Data supplied:
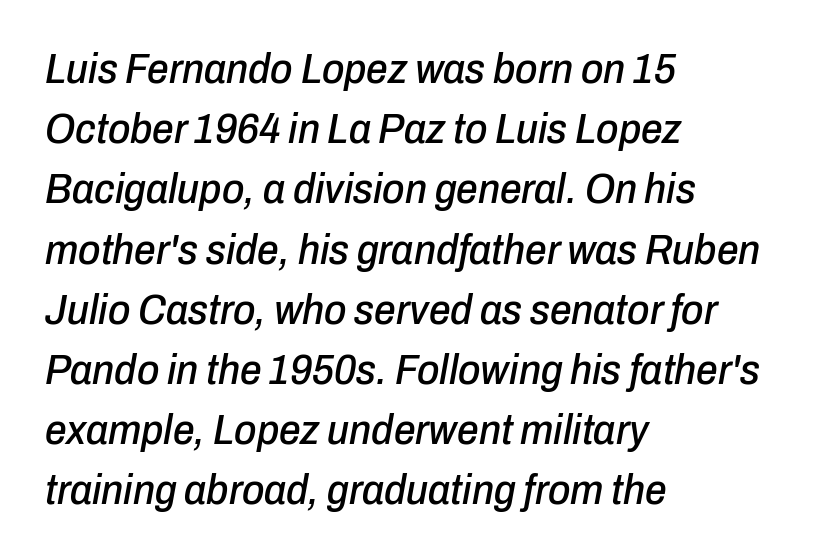
The image shows 43 px condensed type, italic (leaning right); set left-aligned, normal line spacing (1.4x), normal letter spacing, not underlined; low stroke contrast and a medium x-height.
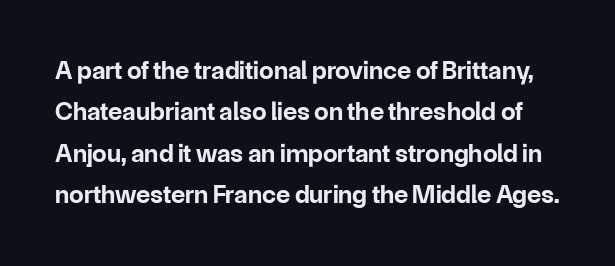
The image shows 26 px bold type, upright; set normal line spacing (1.59x), normal letter spacing, not underlined.
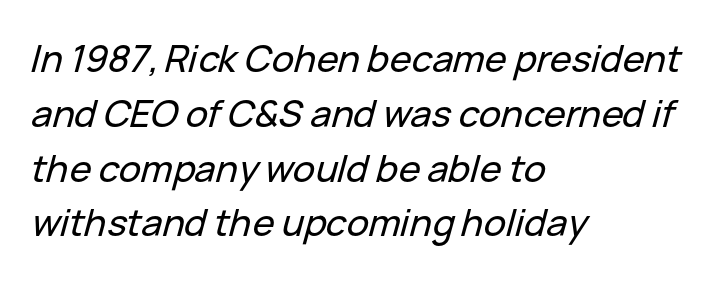
These lines keep a tight, regular rhythm from letter to letter. There's an unmistakable incline to the writing here. The letters advance in unequal steps, a hallmark of proportional type. This sample is left-justified, so line endings fall wherever the words run out. The gap between lines stays unmarked.
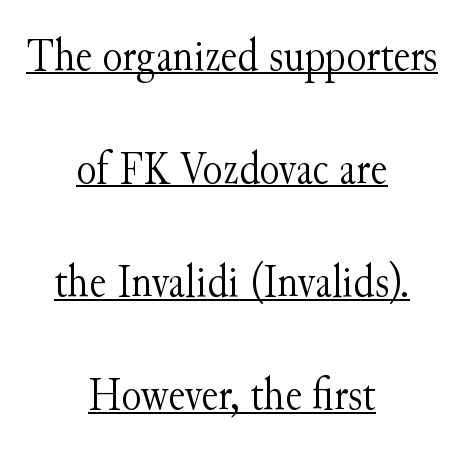
The image shows 46 px light serif type, upright; set centered, loose line spacing (2.46x), normal letter spacing, underlined; medium stroke contrast and a small x-height.
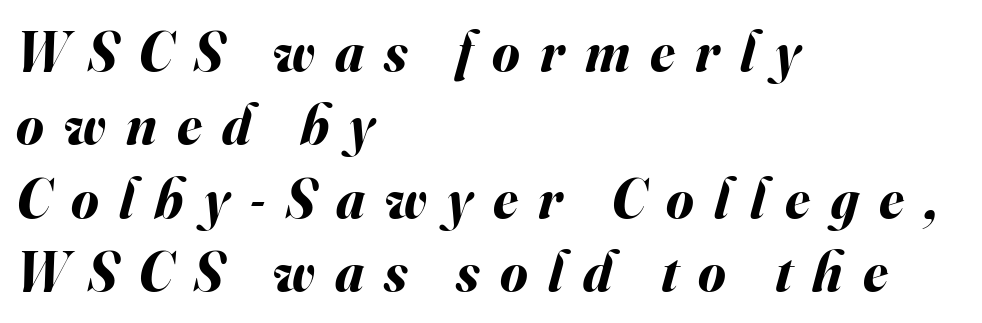
The rendering inserts visible extra space after every character. The lines sit at an ordinary, default distance from one another. Looks like regular typesetting: each glyph gets only the width it needs. This sample uses an oblique cut, with every glyph tilted off the vertical.
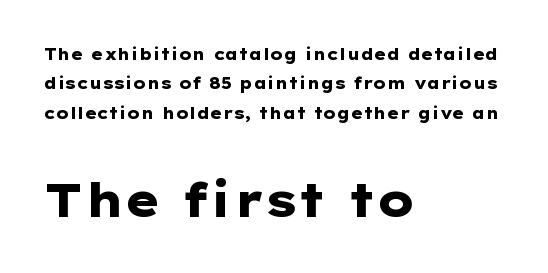
{"serif": "no", "italic": "no", "bold": "yes", "weight": "heavy", "width": "wide", "stroke_contrast": "low", "x_height": "medium", "monospaced": "no", "underline": "no", "align": "left", "line_spacing_ratio": 1.84, "letter_spacing": "normal", "letter_spacing_em": 0.0, "larger_block": "second", "size_ratio": 2.94, "glyph_px": 47}
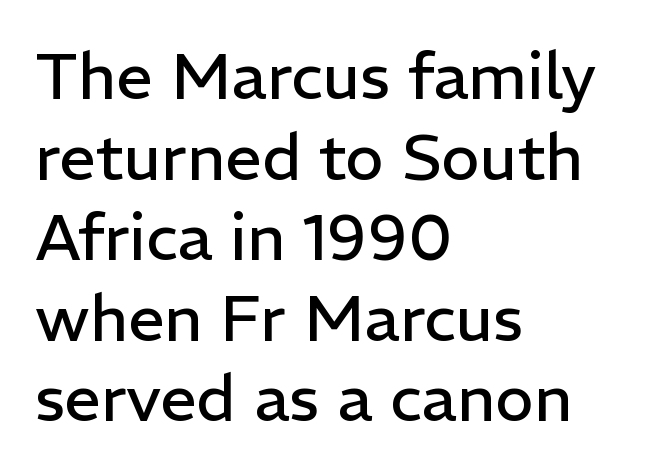
Serifs: no, the terminals of the letterforms are clean. A student would call this left alignment; a typographer would say flush left, rag right. Do the characters align in a grid? No, the font is proportional. Lines of text with bare space underneath. No extra tracking has been applied to these lines. Ascenders rise straight up at ninety degrees.
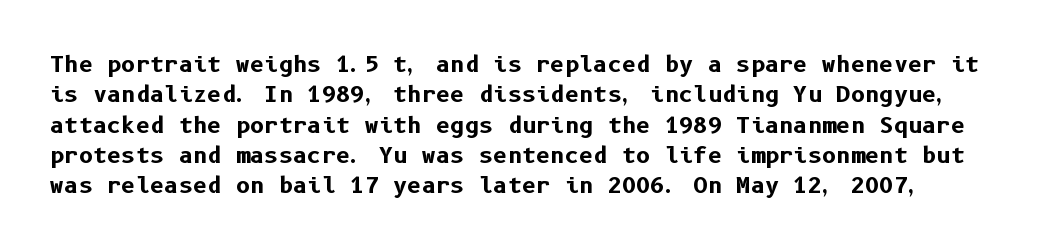
Q: Is the text bold? A: Yes.
Q: Is the text italic (slanted)? A: No, it is upright.
Q: Is the text underlined? A: No.
Q: Is the spacing between letters normal or unusually wide? A: Normal.
Q: Is the spacing between lines tight, normal or loose? A: Normal.
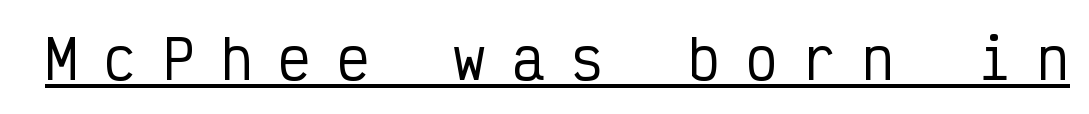
The glyphs are accompanied by a horizontal stroke just below them. The passage shown is typed in a monospace face where columns stay perfectly aligned. Characters follow at a spacing far wider than the type designer built in. The lettering stays uniformly vertical, giving the passage a roman look.

Task: Give the listing again exactly, minus its images.

Solution below:
The image shows 43 px condensed type, italic (leaning right); set left-aligned, normal line spacing (1.4x), normal letter spacing, not underlined; low stroke contrast and a medium x-height.
The image shows 26 px bold type, upright; set normal line spacing (1.59x), normal letter spacing, not underlined.
These lines keep a tight, regular rhythm from letter to letter. There's an unmistakable incline to the writing here. The letters advance in unequal steps, a hallmark of proportional type. This sample is left-justified, so line endings fall wherever the words run out. The gap between lines stays unmarked.
The image shows 46 px light serif type, upright; set centered, loose line spacing (2.46x), normal letter spacing, underlined; medium stroke contrast and a small x-height.
The rendering inserts visible extra space after every character. The lines sit at an ordinary, default distance from one another. Looks like regular typesetting: each glyph gets only the width it needs. This sample uses an oblique cut, with every glyph tilted off the vertical.
{"serif": "no", "italic": "no", "bold": "yes", "weight": "heavy", "width": "wide", "stroke_contrast": "low", "x_height": "medium", "monospaced": "no", "underline": "no", "align": "left", "line_spacing_ratio": 1.84, "letter_spacing": "normal", "letter_spacing_em": 0.0, "larger_block": "second", "size_ratio": 2.94, "glyph_px": 47}
Serifs: no, the terminals of the letterforms are clean. A student would call this left alignment; a typographer would say flush left, rag right. Do the characters align in a grid? No, the font is proportional. Lines of text with bare space underneath. No extra tracking has been applied to these lines. Ascenders rise straight up at ninety degrees.
Q: Is the text bold? A: Yes.
Q: Is the text italic (slanted)? A: No, it is upright.
Q: Is the text underlined? A: No.
Q: Is the spacing between letters normal or unusually wide? A: Normal.
Q: Is the spacing between lines tight, normal or loose? A: Normal.
The glyphs are accompanied by a horizontal stroke just below them. The passage shown is typed in a monospace face where columns stay perfectly aligned. Characters follow at a spacing far wider than the type designer built in. The lettering stays uniformly vertical, giving the passage a roman look.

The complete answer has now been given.